Despite FP8 weights, KV cache is explicitly BF16. This is a deliberate mitigation for known upstream issues, not an oversight.

  • • #22359: EAGLE + FP8 KV crashes on Blackwell
  • • #21291: flashmla_kv accuracy degradation on B200
  • • #17526: FP8 KV 10% slower due to quant overhead

TRT-LLM NSA/DSA Backends

NVIDIA Sparse Attention (NSA): Optimized for long-context and sparse patterns, reducing memory bandwidth pressure. The --attention-backend nsa flag enables this on Blackwell.
TensorRT-LLM kernels: For both decode (--nsa-decode-backend trtllm) and prefill (--nsa-prefill-backend trtllm), which are mathematically stable on B200 and fix accuracy drops observed in other backends.
05

Scale-to-zero profile

Autoscaler knobs you will see in deploy.py; confirm values for your workload.

Modal autoscaler knobs for this profile.
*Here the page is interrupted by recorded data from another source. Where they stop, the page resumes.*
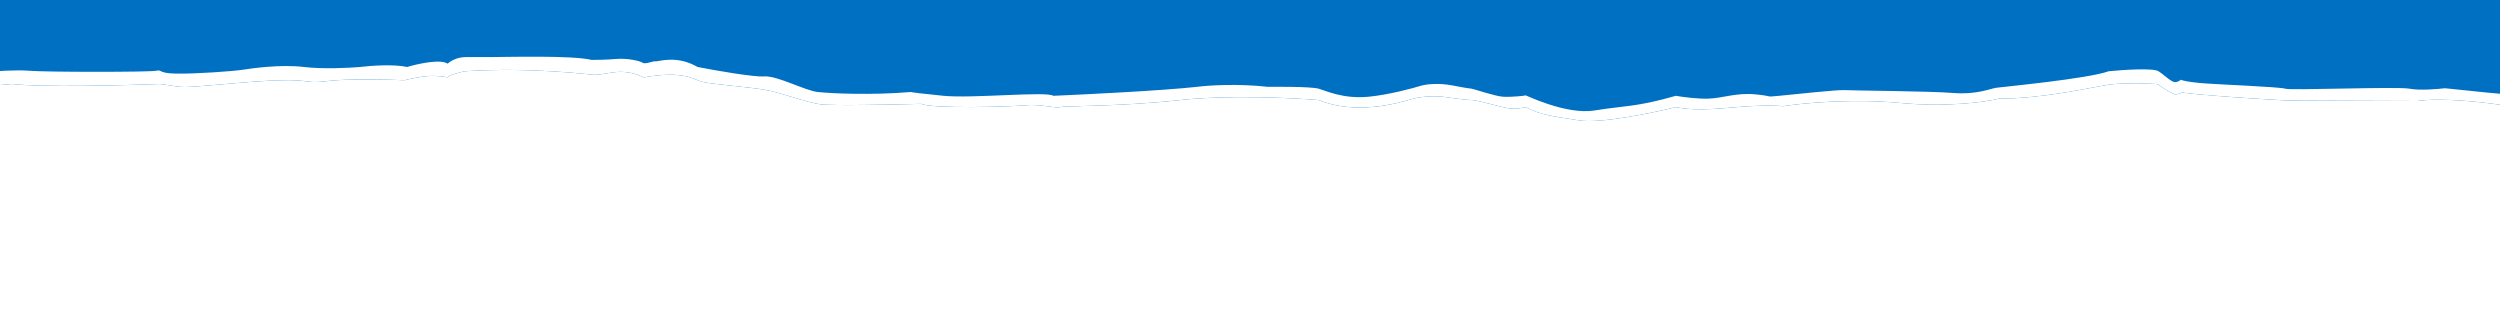<svg width="1512" height="202" viewBox="0 0 1512 202" fill="none" xmlns="http://www.w3.org/2000/svg">
<rect x="0" y="0" width="1512" height="202" fill="#333333" stroke="none"/>
<g clip-path="url(#clip0_2093_5906)">
<rect width="1512" height="202" transform="matrix(1 0 0 -1 0 202)" fill="#FFF"/>
<path d="M1716 48.821C1700.71 49.107 1669.65 49.849 1667.75 50.535C1665.64 49.487 1659.99 47.964 1654.3 50.25C1648.6 52.535 1634 51.392 1627.4 50.535H1626.21L1594.27 52.241C1595.76 52.838 1597.62 56.013 1598.93 56.25L1602.09 56.821C1598.66 58.059 1591.02 60.536 1587.85 60.536C1583.9 60.536 1506.38 53.678 1526.15 63.107V63.965H1515.87C1504.27 62.06 1477.27 58.822 1462.08 61.107L1383.76 60.821C1367.68 59.964 1332.35 57.792 1319.69 55.964C1318.9 56.345 1317 57.107 1315.74 57.107C1314.15 57.107 1305.45 51.678 1305.45 51.106C1305.45 50.535 1284.88 49.964 1276.18 51.106C1267.48 52.249 1236.63 59.679 1208.95 59.679C1201.03 61.679 1177.94 64.993 1148.83 62.25C1119.72 59.507 1089.76 62.44 1078.42 64.25C1076.31 63.964 1069.25 63.564 1057.86 64.25C1043.62 65.107 1027.8 67.678 1013.56 64.821C999.321 68.345 967.679 74.879 955.022 72.822C939.202 70.251 932.873 69.964 922.59 64.821C921.271 65.202 917.686 65.907 913.889 65.679C909.142 65.393 894.112 60.536 890.157 60.536C886.993 60.536 877.237 59.202 872.755 58.535C869.327 58.154 860.731 57.907 853.77 59.964C845.068 62.535 819.755 69.679 797.606 60.536C781.786 59.203 742.866 57.336 713.756 60.536C677.368 64.536 643.354 63.964 640.98 64.821C638.607 65.678 629.115 62.822 620.414 63.679C611.713 64.536 564.25 65.964 557.131 62.821C539.728 63.297 503.182 64.022 496.221 63.107C487.519 61.964 472.489 55.964 462.206 54.25C451.922 52.536 428.983 50.821 424.236 49.393C419.49 47.964 413.161 42.535 389.431 46.821C388.638 46.82 381.519 41.964 369.655 43.964C357.79 45.964 359.371 45.106 357.789 45.106C356.201 45.106 321.398 40.535 281.059 43.106C277.631 43.868 270.775 45.678 270.775 46.821C269.193 46.44 264.764 45.735 259.701 45.964C254.639 46.192 247.571 47.773 244.671 48.535C234.124 48.059 209.865 47.506 197.209 49.106C181.388 51.106 190.881 46.249 146.583 49.964C102.285 53.678 114.941 53.107 96.747 50.821C74.071 51.678 24.447 52.879 7.36 50.821C-5.56 52.059 -34.565 54.307 -47.222 53.393C-63.039 52.25 -73.322 50.822 -74.116 50.821C-74.907 50.821 -79.654 55.964 -89.938 54.821C-100.221 53.678 -114.46 43.964 -130.28 46.821C-133.181 44.535 -151.797 42.306 -203.056 51.678C-211.493 52.569 -231.216 53.132 -242.607 48.249C-251.573 49.582 -277.413 51.507 -309.055 48.535C-348.607 49.392 -350.98 41.964 -376.293 46.535C-382.621 44.154 -401.764 40.821 -427.71 46.535C-438.257 46.535 -464.889 47.677 -487.038 52.249C-487.039 52.221 -487.129 52.159 -487.287 52.065L-475.404 63.875C-474.938 63.861 -474.6 63.885 -474.382 63.964C-473.116 64.421 -464.361 67.011 -460.143 68.249C-477.229 72.821 -536.346 70.154 -563.769 68.249C-578.324 71.678 -615.186 73.107 -631.798 73.393C-653.314 68.135 -684.007 73.488 -696.663 76.821C-703.624 71.107 -719.076 73.869 -725.932 75.964C-739.853 79.85 -745.971 75.869 -747.289 73.393C-754.25 76.593 -760.737 75.868 -763.11 75.106C-790.005 70.249 -799.498 68.25 -804.244 69.393C-808.99 70.535 -812.945 70.249 -815.318 70.249C-817.217 70.249 -821.383 68.916 -823.229 68.249C-824.547 68.154 -827.5 68.421 -828.766 70.249C-830.031 72.078 -840.368 76.726 -845.378 78.821C-858.034 82.707 -872.273 76.06 -877.811 72.25L-892.049 75.106C-907.87 78.764 -916.044 79.107 -918.153 78.821C-925.114 79.05 -936.348 74.536 -941.094 72.25C-951.377 77.107 -970.362 80.822 -982.228 72.25C-994.093 63.678 -1025.73 72.25 -1028.9 72.25C-1040.29 74.993 -1045.77 73.393 -1047.09 72.25C-1072.4 62.878 -1085.59 62.249 -1089.02 63.106C-1116.23 65.392 -1119.87 62.154 -1118.29 60.249L-1138.85 58.82C-1142.65 59.506 -1158.89 60.059 -1166.54 60.249C-1179.83 53.849 -1213.74 55.106 -1229.03 56.534C-1251.18 63.62 -1276.76 58.344 -1286.78 54.82L-1320 53.963V0H1716V48.821ZM1581.45 52.926C1582.26 52.985 1583.07 53.044 1583.9 53.106C1586.47 53.106 1591.87 52.941 1593.3 52.293L1581.45 52.926Z" fill="#0070C2"/>
<path d="M-1286.78 54.796L-1320 53.939V46.797L-1286.78 47.082C-1278.08 51.654 -1255.13 52.797 -1247.22 52.797C-1239.31 52.797 -1230.61 49.368 -1228.24 48.797C-1225.87 48.225 -1195.81 48.225 -1183.94 48.797C-1172.08 49.368 -1168.12 53.082 -1166.54 53.082C-1164.96 53.082 -1142.02 51.939 -1137.27 51.653C-1133.47 51.425 -1123.03 52.891 -1118.29 53.653C-1114.49 57.996 -1104.57 57.558 -1100.09 56.796C-1071.61 54.796 -1066.08 57.653 -1055 62.796C-1043.93 67.939 -1037.6 67.082 -1036.81 67.082C-1025.42 64.567 -1008.33 62.606 -1001.21 61.939C-980.645 61.082 -980.645 71.082 -960.869 71.939C-954.908 72.197 -944.785 68.606 -940.302 66.51C-939.511 68.51 -919.735 75.082 -909.452 72.796C-901.225 70.968 -884.93 68.034 -877.81 66.796C-873.855 71.368 -861.199 74.225 -854.87 74.225C-848.542 74.225 -834.303 69.368 -834.303 67.653C-834.303 65.939 -823.229 61.367 -823.229 62.225C-823.229 62.91 -815.318 63.653 -811.363 63.939C-811.363 64.225 -808.832 64.453 -798.707 63.082C-789.214 62.51 -767.065 69.368 -760.737 69.368C-755.674 69.368 -750.717 68.225 -748.871 67.653C-740.644 72.682 -733.842 71.844 -731.468 70.796C-730.414 70.129 -725.298 68.396 -713.275 66.796C-698.245 64.796 -700.618 71.939 -696.663 70.796C-692.708 69.653 -674.514 66.51 -660.275 64.796C-646.036 63.082 -635.753 66.796 -616.768 67.653C-597.783 68.51 -575.634 62.796 -561.396 61.367C-547.157 59.939 -518.68 63.939 -501.277 64.796C-483.874 65.653 -475.964 63.367 -474.381 63.939C-473.116 64.396 -464.362 66.987 -460.143 68.225C-477.229 72.796 -536.346 70.129 -563.769 68.225C-578.324 71.653 -615.186 73.082 -631.798 73.368C-653.314 68.11 -684.006 73.463 -696.663 76.796C-703.624 71.082 -719.076 73.844 -725.931 75.939C-739.853 79.825 -745.971 75.844 -747.289 73.368C-754.25 76.567 -760.737 75.844 -763.11 75.082C-790.005 70.225 -799.498 68.225 -804.244 69.368C-808.99 70.51 -812.945 70.225 -815.318 70.225C-817.217 70.225 -821.383 68.891 -823.229 68.225C-824.547 68.129 -827.5 68.396 -828.766 70.225C-830.032 72.053 -840.368 76.701 -845.378 78.796C-858.034 82.682 -872.273 76.034 -877.81 72.225L-892.049 75.082C-907.87 78.739 -916.044 79.082 -918.153 78.796C-925.114 79.025 -936.347 74.51 -941.093 72.225C-951.377 77.082 -970.362 80.796 -982.227 72.225C-994.093 63.653 -1025.73 72.225 -1028.9 72.225C-1040.29 74.968 -1045.77 73.368 -1047.09 72.225C-1072.41 62.853 -1085.59 62.225 -1089.02 63.082C-1116.23 65.368 -1119.87 62.129 -1118.29 60.225L-1138.85 58.796C-1142.65 59.482 -1158.89 60.034 -1166.54 60.225C-1179.83 53.825 -1213.74 55.082 -1229.03 56.51C-1251.18 63.596 -1276.76 58.32 -1286.78 54.796Z" fill="white"/>
<path d="M-495.739 47.082C-496.53 47.654 -487.038 51.94 -487.038 52.225C-464.889 47.654 -438.257 46.511 -427.71 46.511C-401.764 40.797 -382.621 44.13 -376.293 46.511C-350.98 41.94 -348.607 49.368 -309.055 48.511C-277.413 51.483 -251.573 49.559 -242.608 48.225C-231.217 53.108 -211.493 52.546 -203.056 51.654C-151.797 42.283 -133.181 44.511 -130.28 46.797C-114.46 43.94 -100.221 53.654 -89.937 54.797C-79.654 55.94 -74.908 50.797 -74.117 50.797C-73.326 50.797 -63.042 52.225 -47.221 53.368C-34.565 54.283 -5.56 52.035 7.36 50.797C24.447 52.854 74.071 51.654 96.747 50.797C114.941 53.083 102.285 53.654 146.583 49.94C190.881 46.225 181.388 51.083 197.209 49.083C209.866 47.483 234.124 48.035 244.671 48.511C247.572 47.749 254.638 46.168 259.701 45.94C264.764 45.711 269.193 46.416 270.776 46.797C270.776 45.654 277.631 43.844 281.059 43.083C321.402 40.511 356.207 45.083 357.79 45.083C359.372 45.083 357.79 45.94 369.655 43.94C381.521 41.94 388.64 46.797 389.431 46.797C413.162 42.511 419.49 47.94 424.237 49.368C428.983 50.797 451.923 52.511 462.206 54.225C472.49 55.94 487.52 61.94 496.221 63.083C503.182 63.997 539.728 63.273 557.131 62.797C564.25 65.94 611.712 64.511 620.414 63.654C629.115 62.797 638.608 65.654 640.981 64.797C643.354 63.94 677.369 64.511 713.756 60.511C742.866 57.311 781.785 59.178 797.606 60.511C819.755 69.654 845.068 62.511 853.77 59.94C860.731 57.883 869.327 58.13 872.755 58.511C877.237 59.178 886.993 60.511 890.157 60.511C894.113 60.511 909.142 65.368 913.889 65.654C917.686 65.883 921.271 65.178 922.59 64.797C932.874 69.94 939.202 70.225 955.022 72.797C967.679 74.854 999.321 68.321 1013.56 64.797C1027.8 67.654 1043.62 65.083 1057.86 64.225C1069.25 63.54 1076.31 63.94 1078.42 64.225C1089.76 62.416 1119.72 59.483 1148.83 62.225C1177.94 64.968 1201.03 61.654 1208.95 59.654C1236.63 59.654 1267.48 52.225 1276.18 51.083C1284.89 49.94 1305.45 50.511 1305.45 51.083C1305.45 51.654 1314.15 57.083 1315.74 57.083C1317 57.083 1318.9 56.321 1319.69 55.94C1332.35 57.768 1367.68 59.94 1383.76 60.797L1462.08 61.083C1477.27 58.797 1504.27 62.035 1515.87 63.94H1526.15V63.083C1506.38 53.654 1583.9 60.511 1587.85 60.511C1591.02 60.511 1598.66 58.035 1602.09 56.797L1598.93 56.225C1597.34 55.94 1594.97 51.368 1593.39 52.225C1592.12 52.911 1586.53 53.083 1583.9 53.083C1515.87 47.94 1523.78 52.225 1523.78 53.654C1523.78 55.083 1526.15 57.083 1522.2 57.368C1519.03 57.597 1491.87 54.797 1478.69 53.368C1473.94 53.94 1463.03 54.797 1457.33 53.654C1450.21 52.225 1385.35 54.797 1382.18 53.654C1379.02 52.511 1340.26 51.083 1330.77 50.225C1323.17 49.54 1319.69 48.606 1318.9 48.225C1318.64 48.606 1317.63 49.425 1315.74 49.654C1313.36 49.94 1309.41 45.654 1305.45 43.083C1302.29 41.026 1284.09 42.225 1275.39 43.083C1262.74 47.654 1211.32 52.511 1207.36 53.083C1203.41 53.654 1195.5 57.368 1181.26 56.225C1167.02 55.083 1120.35 54.797 1115.6 54.511C1110.86 54.225 1085.54 57.083 1076.05 57.94C1066.56 58.797 1073.68 58.225 1061.81 57.083C1049.95 55.94 1042.04 59.368 1033.34 59.654C1026.37 59.883 1017.25 58.606 1013.56 57.94C989.828 64.797 981.918 63.94 964.515 66.797C947.112 69.654 922.59 57.368 922.59 57.654C922.59 57.94 913.889 58.797 909.142 58.511C904.396 58.225 891.74 53.94 890.157 53.654C888.575 53.368 888.575 53.654 878.292 51.654C870.065 50.054 862.735 50.987 860.098 51.654C854.297 53.464 839.689 57.368 827.666 58.511C812.636 59.94 802.352 55.083 797.606 53.654C792.86 52.225 768.338 52.511 766.756 52.511C748.404 50.454 730.632 51.654 724.04 52.511C703.156 54.797 657.329 57.083 637.026 57.94C633.07 55.083 587.981 59.654 570.578 57.94C556.656 56.568 551.594 55.844 550.803 55.654C527.071 57.654 502.549 56.511 494.639 55.654C486.729 54.797 470.117 45.654 462.206 46.225C455.878 46.683 432.674 42.607 421.864 40.511C409.207 33.083 398.132 37.368 396.55 37.083C394.968 36.797 390.222 39.083 388.64 37.94C387.058 36.797 379.148 35.083 372.819 35.654C366.491 36.225 359.372 36.226 357.79 36.226C345.924 33.369 306.372 34.511 296.88 34.511H281.85C276.155 34.511 272.094 37.178 270.776 38.511C266.346 35.54 252.582 38.607 246.253 40.511C238.026 38.683 223.841 39.75 217.776 40.511C211.184 41.083 195.152 41.883 183.761 40.511C169.523 38.797 152.12 41.369 146.583 42.226C141.045 43.083 117.314 44.797 106.24 44.511C95.165 44.226 98.329 41.94 94.374 42.797C90.419 43.654 27.927 43.654 17.644 42.797C9.417 42.111 -3.187 43.083 -8.461 43.654C-38.836 47.312 -65.415 44.607 -74.908 42.797C-77.439 45.312 -83.346 46.511 -85.982 46.797C-93.893 48.511 -109.713 41.369 -115.251 39.083C-120.788 36.797 -123.952 37.654 -125.534 38.226C-126.8 38.683 -130.808 38.416 -132.653 38.226C-147.683 33.654 -186.444 40.511 -204.638 43.94C-222.832 47.369 -240.234 40.511 -242.608 40.511C-244.981 40.511 -261.592 43.083 -267.13 42.797C-271.56 42.569 -296.925 41.178 -309.055 40.511C-311.691 41.273 -322.028 41.997 -342.278 38.797C-362.529 35.597 -372.338 37.273 -374.711 38.511C-384.836 34.853 -395.278 34.511 -399.233 34.797C-407.143 33.654 -426.919 38.511 -429.292 38.511C-448.277 36.797 -494.948 46.511 -495.739 47.082Z" fill="white"/>
<path d="M1602.09 49.368C1603.67 50.225 1600.51 50.225 1599.72 50.511H1627.4C1634 51.368 1648.6 52.511 1654.3 50.225C1659.99 47.94 1665.64 49.464 1667.75 50.511C1669.65 49.825 1700.71 49.083 1716 48.797V40.797C1712.04 39.94 1667.75 43.083 1666.16 42.225C1664.9 41.54 1662.47 41.178 1661.42 41.083C1658.78 41.749 1652.24 43.197 1647.18 43.654C1640.85 44.225 1632.94 43.654 1628.99 42.797C1625.03 41.94 1596.55 42.797 1594.18 43.654C1591.81 44.511 1596.55 45.654 1599.72 48.225C1602.88 50.797 1600.51 48.511 1602.09 49.368Z" fill="white"/>
</g>
<defs>
<clipPath id="clip0_2093_5906">
<rect width="1512" height="202" fill="white" transform="matrix(1 0 0 -1 0 202)"/>
</clipPath>
</defs>
</svg>

Values are illustrative of the guide deployment; confirm in your own deploy.py. Cost and cold-start implications are covered in Tune & Operate.

min_containers
0
Scale to zero when idle. Lowest baseline cost, longest cold path.
max_containers
3
Caps replicas. With 48 concurrent slots per replica, up to 144 concurrent requests across three replicas.
scaledown_window
900
Seconds idle before scale-in (15 min). Smooths bursty traffic without immediate teardown.
max_inputs
20
Per-container queue depth at the Modal layer to avoid sudden spikes starving memory.
timeout
86400
24h container lifetime to mitigate slow leaks or fragmentation on very long runs.
06

Performance snapshot

Order-of-magnitude decode and latency numbers; validate on your traffic mix.
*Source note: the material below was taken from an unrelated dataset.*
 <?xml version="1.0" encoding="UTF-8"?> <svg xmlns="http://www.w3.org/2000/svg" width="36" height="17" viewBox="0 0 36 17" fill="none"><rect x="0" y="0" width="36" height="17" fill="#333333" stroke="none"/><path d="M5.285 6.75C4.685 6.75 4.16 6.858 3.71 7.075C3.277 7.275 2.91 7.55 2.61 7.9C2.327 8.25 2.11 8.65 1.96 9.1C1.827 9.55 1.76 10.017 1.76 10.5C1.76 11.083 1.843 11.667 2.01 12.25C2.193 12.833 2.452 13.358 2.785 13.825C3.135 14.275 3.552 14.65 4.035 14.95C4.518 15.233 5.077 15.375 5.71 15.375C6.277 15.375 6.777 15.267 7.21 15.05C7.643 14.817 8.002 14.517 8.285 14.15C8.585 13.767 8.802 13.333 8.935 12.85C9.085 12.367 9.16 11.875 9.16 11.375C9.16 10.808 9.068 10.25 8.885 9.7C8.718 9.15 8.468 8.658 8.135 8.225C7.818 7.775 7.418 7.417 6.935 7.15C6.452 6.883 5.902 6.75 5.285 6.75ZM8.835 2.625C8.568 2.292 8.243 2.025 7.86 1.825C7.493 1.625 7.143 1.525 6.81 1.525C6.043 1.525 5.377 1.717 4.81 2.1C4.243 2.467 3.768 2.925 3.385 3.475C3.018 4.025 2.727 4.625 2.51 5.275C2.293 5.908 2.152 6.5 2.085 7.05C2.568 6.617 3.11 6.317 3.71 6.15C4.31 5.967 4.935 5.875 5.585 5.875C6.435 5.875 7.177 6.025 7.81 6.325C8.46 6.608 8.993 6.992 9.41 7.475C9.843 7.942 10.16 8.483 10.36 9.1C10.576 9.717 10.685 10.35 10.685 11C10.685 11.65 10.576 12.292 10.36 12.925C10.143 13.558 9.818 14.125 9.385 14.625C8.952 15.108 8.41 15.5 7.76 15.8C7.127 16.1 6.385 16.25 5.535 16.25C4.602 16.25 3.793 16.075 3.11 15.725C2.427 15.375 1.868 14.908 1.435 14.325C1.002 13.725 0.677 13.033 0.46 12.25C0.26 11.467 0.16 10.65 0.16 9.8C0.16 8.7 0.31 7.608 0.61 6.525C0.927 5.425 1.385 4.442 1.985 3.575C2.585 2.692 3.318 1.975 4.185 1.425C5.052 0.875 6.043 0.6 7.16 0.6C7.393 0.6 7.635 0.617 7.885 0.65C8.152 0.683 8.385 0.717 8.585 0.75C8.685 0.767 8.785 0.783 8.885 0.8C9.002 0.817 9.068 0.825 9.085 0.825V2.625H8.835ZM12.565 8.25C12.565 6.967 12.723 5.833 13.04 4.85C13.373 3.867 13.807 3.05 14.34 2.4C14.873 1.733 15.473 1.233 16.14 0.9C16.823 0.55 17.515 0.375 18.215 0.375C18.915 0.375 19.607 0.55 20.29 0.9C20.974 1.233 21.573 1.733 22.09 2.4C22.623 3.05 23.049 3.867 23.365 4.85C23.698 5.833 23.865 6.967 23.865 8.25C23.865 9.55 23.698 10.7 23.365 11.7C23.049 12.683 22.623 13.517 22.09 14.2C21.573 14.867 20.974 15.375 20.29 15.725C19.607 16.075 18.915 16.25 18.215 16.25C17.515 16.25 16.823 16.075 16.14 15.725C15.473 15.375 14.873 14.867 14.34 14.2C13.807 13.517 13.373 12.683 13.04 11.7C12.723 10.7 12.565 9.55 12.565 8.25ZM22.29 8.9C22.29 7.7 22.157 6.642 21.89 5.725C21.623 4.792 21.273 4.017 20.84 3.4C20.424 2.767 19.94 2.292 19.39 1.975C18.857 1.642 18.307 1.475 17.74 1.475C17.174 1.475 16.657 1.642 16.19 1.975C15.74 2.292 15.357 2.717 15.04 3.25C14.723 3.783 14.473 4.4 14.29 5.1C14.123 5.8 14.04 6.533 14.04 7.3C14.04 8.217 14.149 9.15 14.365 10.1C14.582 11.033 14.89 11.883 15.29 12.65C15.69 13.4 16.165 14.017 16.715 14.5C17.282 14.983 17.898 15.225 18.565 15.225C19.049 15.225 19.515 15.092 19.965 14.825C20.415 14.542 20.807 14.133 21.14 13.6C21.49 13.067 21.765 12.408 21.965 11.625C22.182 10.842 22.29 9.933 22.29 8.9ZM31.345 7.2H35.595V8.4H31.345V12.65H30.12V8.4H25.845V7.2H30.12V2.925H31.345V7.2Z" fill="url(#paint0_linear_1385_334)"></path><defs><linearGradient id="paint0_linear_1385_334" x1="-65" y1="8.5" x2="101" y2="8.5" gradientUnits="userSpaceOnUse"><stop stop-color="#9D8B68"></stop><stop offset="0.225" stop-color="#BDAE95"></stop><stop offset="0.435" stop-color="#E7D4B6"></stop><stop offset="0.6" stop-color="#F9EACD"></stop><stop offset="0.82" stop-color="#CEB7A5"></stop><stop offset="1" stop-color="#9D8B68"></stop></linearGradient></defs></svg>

Order-of-magnitude numbers from internal runs and SGLang cookbook-style measurements. Validate on your own mix of concurrency, context length, and tools. For tuning detail and cold-start trade-offs, see Tune & Operate.

TPOT (approx.)

Baseline ~20 ms
EAGLE ~7.7 ms

EAGLE verify path.

Decode throughput (aggregate)

Baseline ~1,750 tok/s
EAGLE 4,600+ tok/s

TTFT (warm, low concurrency)

~246 ms

EAGLE can inflate TTFT when concurrency per replica is very high; cap max running requests accordingly.

EAGLE accept length

~3.5 tokens

Typical draft acceptance.

07

Design choices

Engine, GPU, KV, speculative decode, and images: the decisions this guide encodes.

Engine

SGLang

Strong MoE throughput in many setups versus vLLM, native EAGLE and RadixAttention, and a Modal-friendly single HTTP process.

GPU

8×B200

192 GB per GPU headroom for BF16 KV and long context. TRT-LLM DSA and NSA paths target Blackwell SM100.

KV cache

BF16

Avoids FP8 KV plus EAGLE crashes (#22359), extra overhead (#17526), and some decode accuracy issues (#21291).

Spec decode

EAGLE v2

Large decode speedup with an MTP head shipped in the checkpoint: no separate draft model to deploy.

Proxy

None

SGLang speaks OpenAI-compatible JSON; @modal.web_server routes straight to port 8000.

Download image

debian-slim + HF Hub

CPU-only weight sync avoids pulling a multi-gigabyte CUDA image for I/O-only tasks.

Serve image

lmsysorg/sglang:latest

Bundles CUDA, SGLang, and DeepGEMM. Do not overwrite huggingface-hub in the image (import compatibility with sync jobs).